What does this article cover?

How to layer AI controls across preprocessing, in-model policies, postprocessing checks, and tool authorisation to reduce risk.

Platform and risk teams designing defence-in-depth controls for AI systems that cannot rely on prompts alone.

Policy Layering for AI Systems: Pre, In, and Post Controls

Many organisations try to solve AI risk with a single layer: a system prompt, a moderation API, or a policy document. In practice, reliable control comes from layering—multiple mechanisms that reduce risk even when one layer fails.

Policy layering is defence-in-depth for AI: controls before the model, controls within the model interaction, and controls after the model—especially around tool use.

Preprocessing controls: reduce what enters the model

Data minimisation. Redact and tokenise sensitive fields (see data minimisation).
Prompt injection detection. Detect obvious injection attempts and route to safer flows (see prompt injection defence).
Intent classification. Identify high-risk intents early and apply step-up controls.

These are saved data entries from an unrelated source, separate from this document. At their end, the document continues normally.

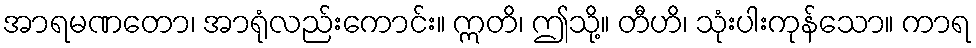
အာရမဏတော၊ အာရုံလည်းကောင်း။ ဣတိ၊ ဤသို့။ တီဟိ၊ သုံးပါးကုန်သော။ ကာရ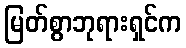
မြတ်စွာဘုရားရှင်က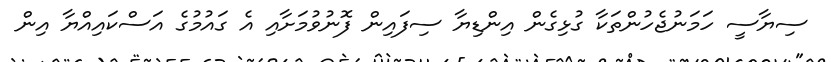
ސިޔާސީ ހަމަނުޖެހުންތަކާ ގުޅިގެން އިންޑިޔާ ސިފައިން ފޮނުވުމަށާއި އެ ގައުމުގެ އަސްކައިއްޔާ އިން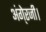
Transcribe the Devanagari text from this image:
अंगे्रजी।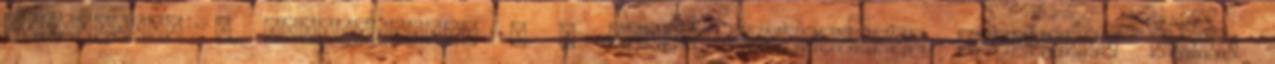
osszesitve a kisgazdakkal . A masik politikaban csalodott reteg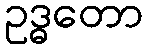
ဥဒ္ဓတော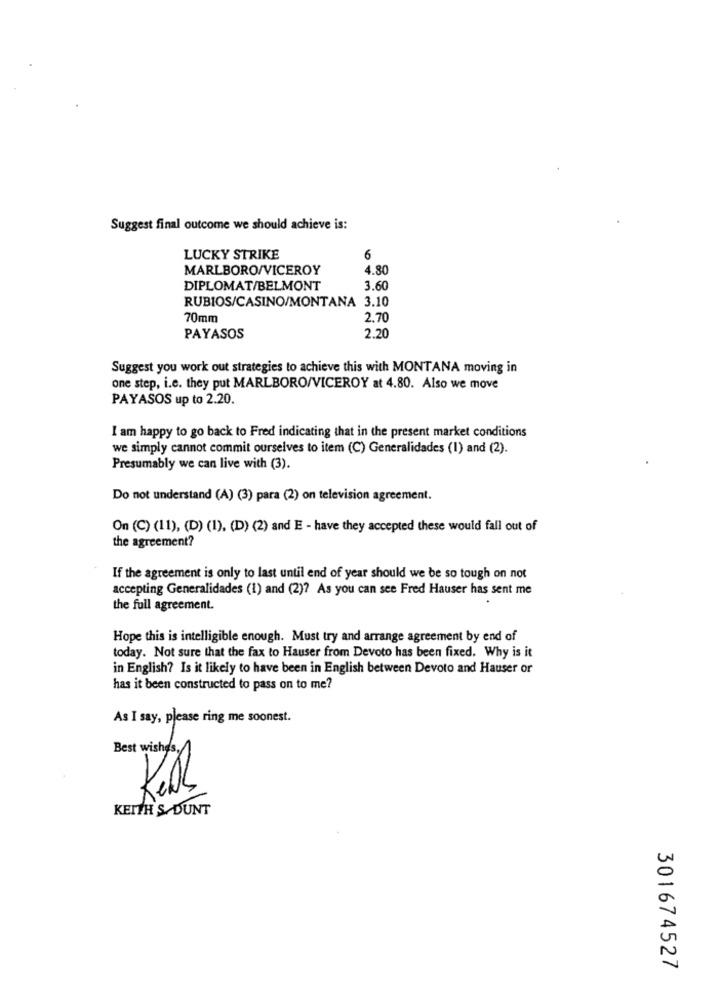
Suggest final outcome we should achieve is:
LUCKY STRIKE
6
MARLBORO/VICEROY
4.80
DIPLOMAT/BELMONT
3.60
RUBIOS/CASINO/MONTANA 3.10
70mm
2,70
PAYASOS
2.20
Suggest you work out strategies to achieve this with MONTANA moving in
one step, i.e. they put MARLBORO/VICEROY at 4.80. Also we move
PAYASOS up to 2.20.
I am happy to go back to Fred indicating that in the present market conditions
we simply cannot commit ourselves to item (C) Generalidades (1) and (2).
Presumably we can live with (3).
Do not understand (A) (3) para (2) on television agreement.
On (C) (11), (D) (1), (D) (2) and E - have they accepted these would fall out of
the agreement?
If the agreement is only to last until end of year should we be so tough on not
accepting Generalidades (1) and (2)? As you can see Fred Hauser has sent me
the full agreement.
Hope this is intelligible enough. Must try and arrange agreement by end of
today. Not sure that the fax to Hauser from Devoto has been fixed. Why is it
in English? Is it likely to have been in English between Devoto and Hauser or
has it been constructed to pass on to me?
As I say, please ring me soonest.
Best wishes,
R
1
KEITH S DUNT
301674527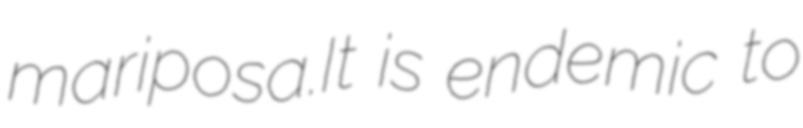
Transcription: mariposa.It is endemic to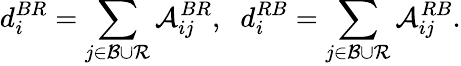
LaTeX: d_{i}^{BR}=\sum_{j\in{\cal B}\cup{\cal R}}{\cal A}_{ij}^{BR},\; \; d_{i}^{RB}=\sum_{j\in{\cal B}\cup{\cal R}}{\cal A}_{ij}^{RB}.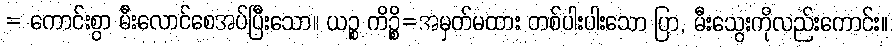
= ကောင်းစွာ မီးလောင်စေအပ်ပြီးသော။ ယဉ္စ ကိဉ္စိ=အမှတ်မထား တစ်ပါးပါးသော ပြာ, မီးသွေးကိုလည်းကောင်း။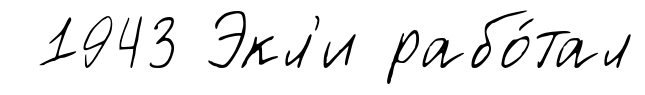
1943 Экл'и рабо́тал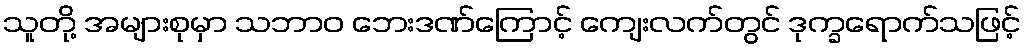
သူတို့ အများစုမှာ သဘာဝ ဘေးဒဏ်ကြောင့် ကျေးလက်တွင် ဒုက္ခရောက်သဖြင့်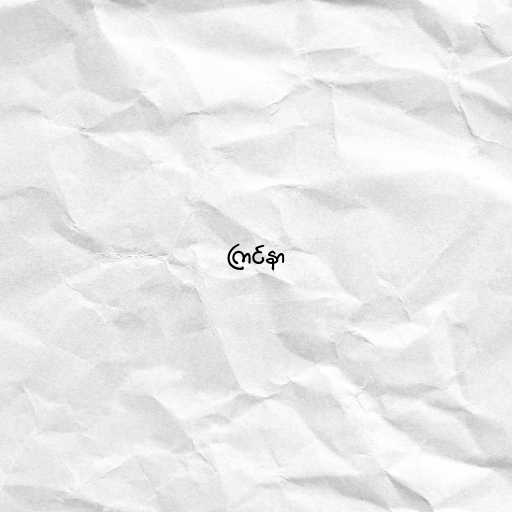
ကြင်နာ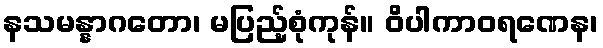
နသမန္နာဂတော၊ မပြည့်စုံကုန်။ ဝိပါကာဝရဏေန၊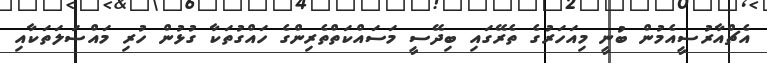
އެޗްއާރުސީއެމުން ބުނީ މިއަހަރުގެ ތެރޭގައި ބިދޭސީ މަސައްކަތްތެރިންގެ ހައްގުތަކާ ގުޅުން ހުރި މައްސަލަތަކާއި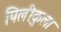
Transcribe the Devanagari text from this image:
पिलीकुला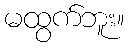
မထွက်ဘူး။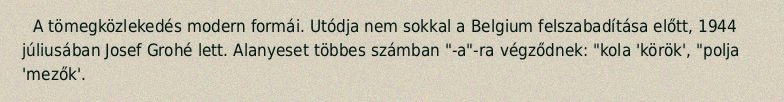
A tömegközlekedés modern formái. Utódja nem sokkal a Belgium felszabadítása előtt, 1944 júliusában Josef Grohé lett. Alanyeset többes számban "-a"-ra végződnek: "kola 'körök', "polja 'mezők'.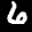
Label: 6
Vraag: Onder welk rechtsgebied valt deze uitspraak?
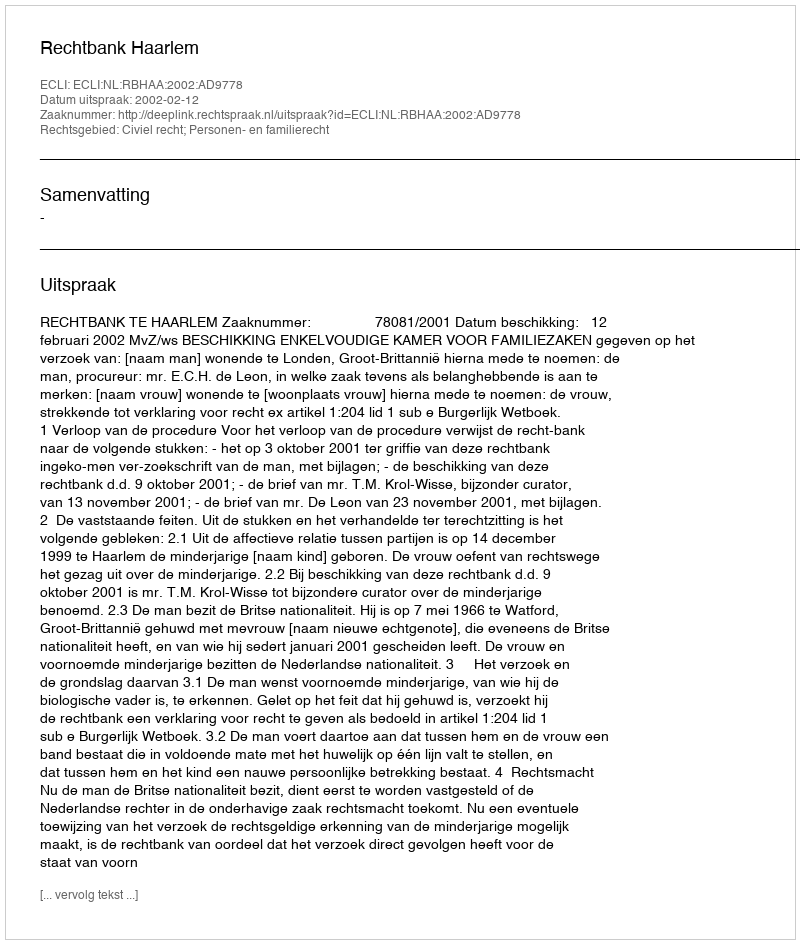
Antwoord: Civiel recht; Personen- en familierecht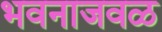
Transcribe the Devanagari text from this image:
भवनाजवळ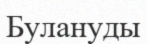
Булануды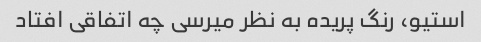
استیو، رنگ پریده به نظر میرسی چه اتفاقی افتاد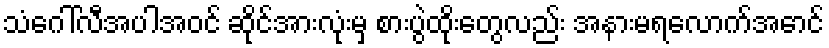
သံဂေါ်လီအပါအဝင် ဆိုင်အားလုံးမှ စားပွဲထိုးတွေလည်း အနားမရလောက်အောင်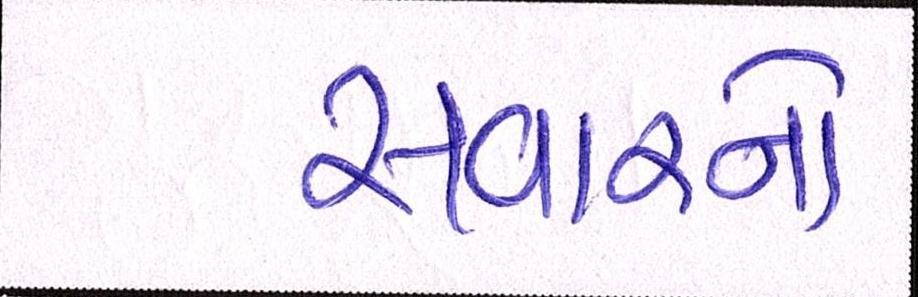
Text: સવારનો

In-interaction controls: constrain behaviour

System policies. Clear boundaries and refusal rules (versioned with change control).
Structured outputs. Force machine-parseable responses for operational flows (see structured outputs).
Context discipline. Include only relevant evidence and keep token budgets bounded (see context engineering).

Postprocessing controls: verify and filter

Validation. Validate output schemas and tool arguments.
Output scanning. Detect sensitive disclosures or unsafe content.
Grounding checks. Confirm citation coverage and relevance (see citations).

Tool authorisation: the final control point

For agentic systems, the most important layer is tool authorisation. Tools must be executed only after deterministic policy checks (see tool authorisation). Prompts cannot enforce permissions.

Layered controls are how organisations move fast with AI while keeping risk bounded and explainable.